*Exercise*
The entire listing below is to be written out exactly, minus the pictures.
======== Records provided ========
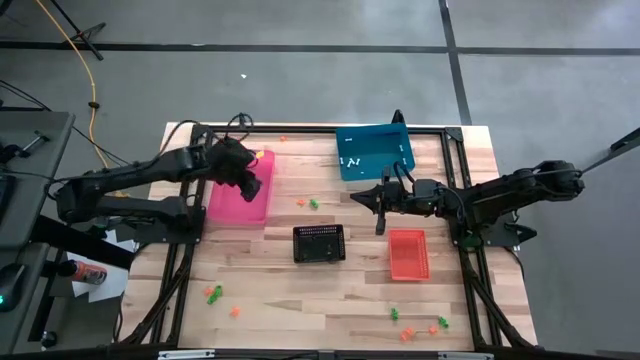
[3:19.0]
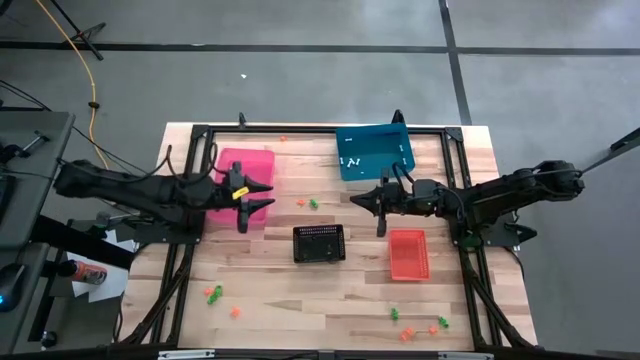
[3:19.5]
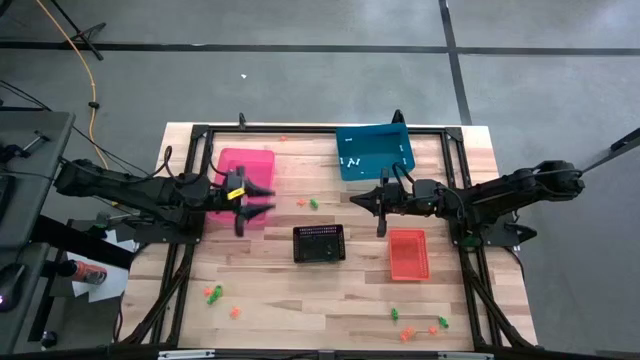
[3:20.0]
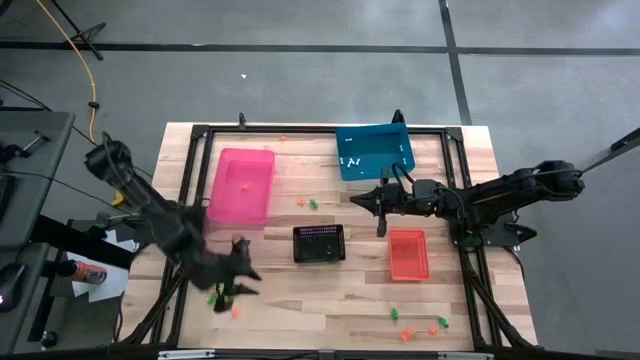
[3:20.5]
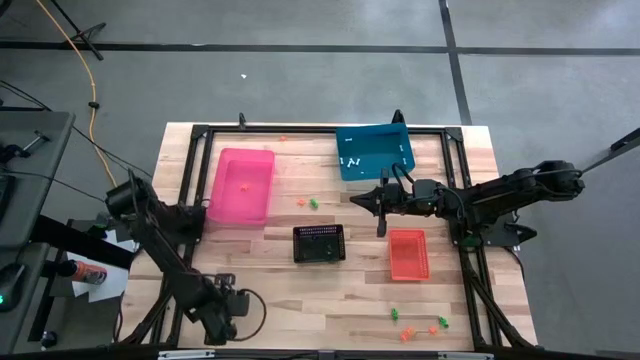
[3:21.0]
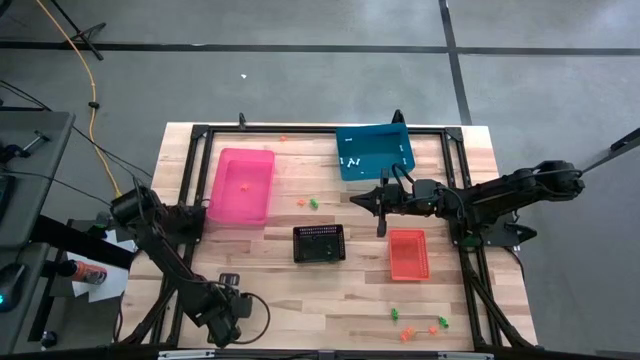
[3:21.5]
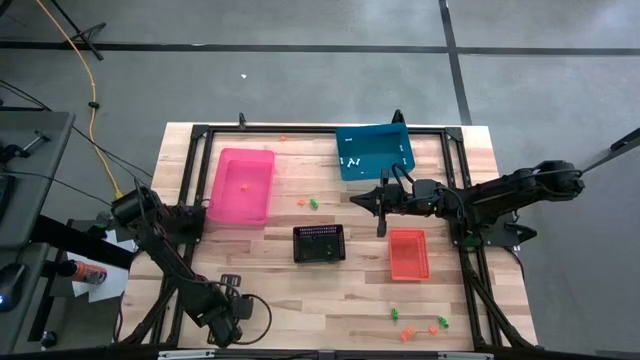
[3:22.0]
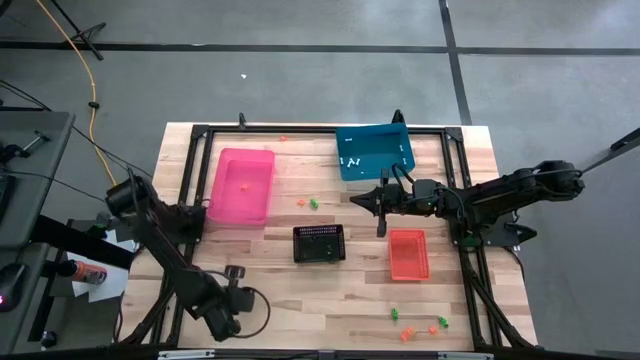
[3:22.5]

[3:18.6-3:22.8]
Put the orange spider toy into the pink bin
========
*Exercise solution*
[3:19.0]
[3:19.5]
[3:20.0]
[3:20.5]
[3:21.0]
[3:21.5]
[3:22.0]
[3:22.5]

[3:18.6-3:22.8]
Put the orange spider toy into the pink bin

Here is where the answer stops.